This looks like a target bug to me in *.postreload we have: (insn 615 177 616 32 (set (reg:CCC 17 flags) (compare:CCC (zero_extract:DI (reg:DI 5 di [orig:129 prephitmp.8 ] [129]) (const_int 1 [0x1]) (const_int 1 [0x1])) (const_int 0 [0]))) pr48774-6.c:23 377 {*testqi_ext_3_rex64} (nil)) (jump_insn 616 615 184 32 (set (pc) (if_then_else (ne (reg:CCC 17 flags) (const_int 0 [0])) (label_ref 214) (pc))) pr48774-6.c:23 589 {*jcc_1} (expr_list:REG_BR_PROB (const_int 5000 [0x1388]) (nil)) which comes from jcc_bt* splitter, where the second const1_rtx still was a register at the time of the split, but IRA materialized it into a constant. The CCC mode is fine for bt insn.
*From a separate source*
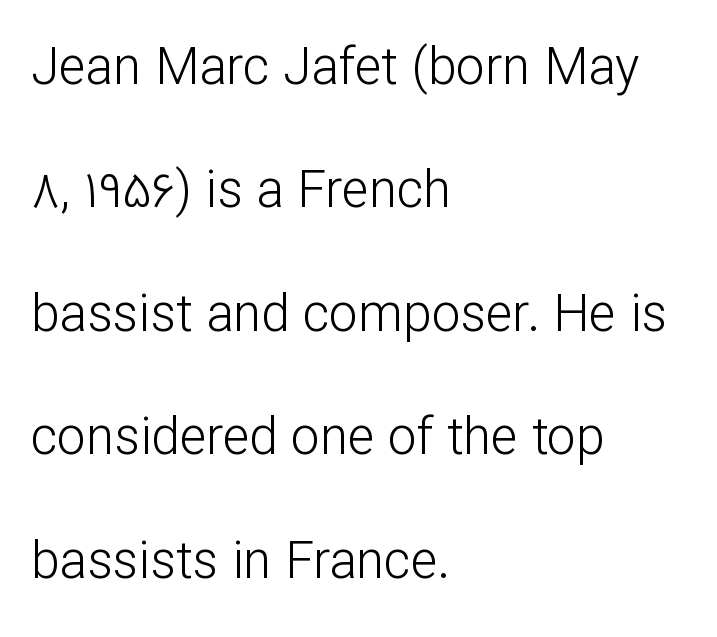
{"serif": "no", "italic": "no", "bold": "no", "weight": "light", "width": "normal", "stroke_contrast": "low", "x_height": "medium", "monospaced": "no", "underline": "no", "align": "left", "line_spacing": "loose", "line_spacing_ratio": 2.42, "letter_spacing": "normal", "letter_spacing_em": 0.0, "glyph_px": 51}
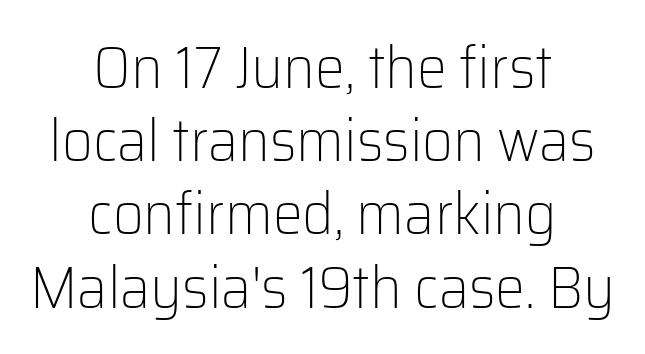
A sans-serif font was chosen for this passage. Bare-footed words on every line. Stems and bowls with no extra thickness — not bold. The typography opts for an upright posture over an oblique one. Short and long lines alike share a common midpoint.
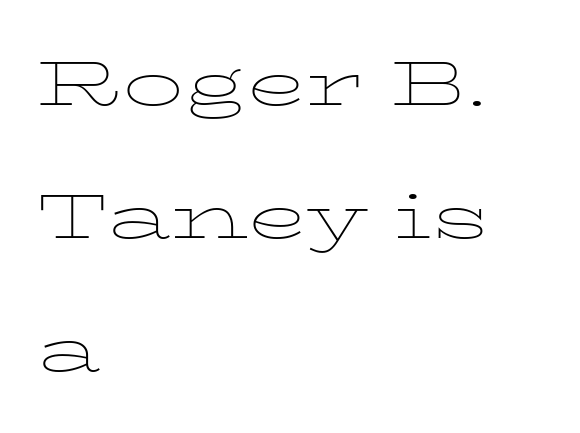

Unfortunately split2 pass splits this into: (insn 626 177 616 32 (set (reg:CCC 17 flags) (compare:CCC (and:QI (reg:QI 5 di [orig:129 prephitmp.8 ] [129]) (const_int 2 [0x2])) (const_int 0 [0]))) pr48774-6.c:23 369 {*testqi_1_maybe_si} (nil)) (jump_insn 616 626 184 32 (set (pc) (if_then_else (ne (reg:CCC 17 flags) (const_int 0 [0])) (label_ref 214) (pc))) pr48774-6.c:23 589 {*jcc_1} (expr_list:REG_BR_PROB (const_int 5000 [0x1388]) (nil)) -> 214) which is already incorrect, if we want to replace bt-ish test, we'd need to update the mode to CCmode or similar and update the user(s). The generated assembly then has: andl $2, %edi jnc .L21 whereas it should have been either btl $1, %edi jnc .L21 or andl $2, %edi je .L21
Created attachment 24169 [details] gcc47-pr48774.patch Untested fix. The additional condition could be changed to just CCCmode check, or on the other side have: || !(TARGET_USE_BT || optimize_function_for_size_p (cfun)) in as well. Or *bt<mode> would need to be represented in RTL in some different way, where the setting of Carry is natural to the operation and couldn't be confused with testqi.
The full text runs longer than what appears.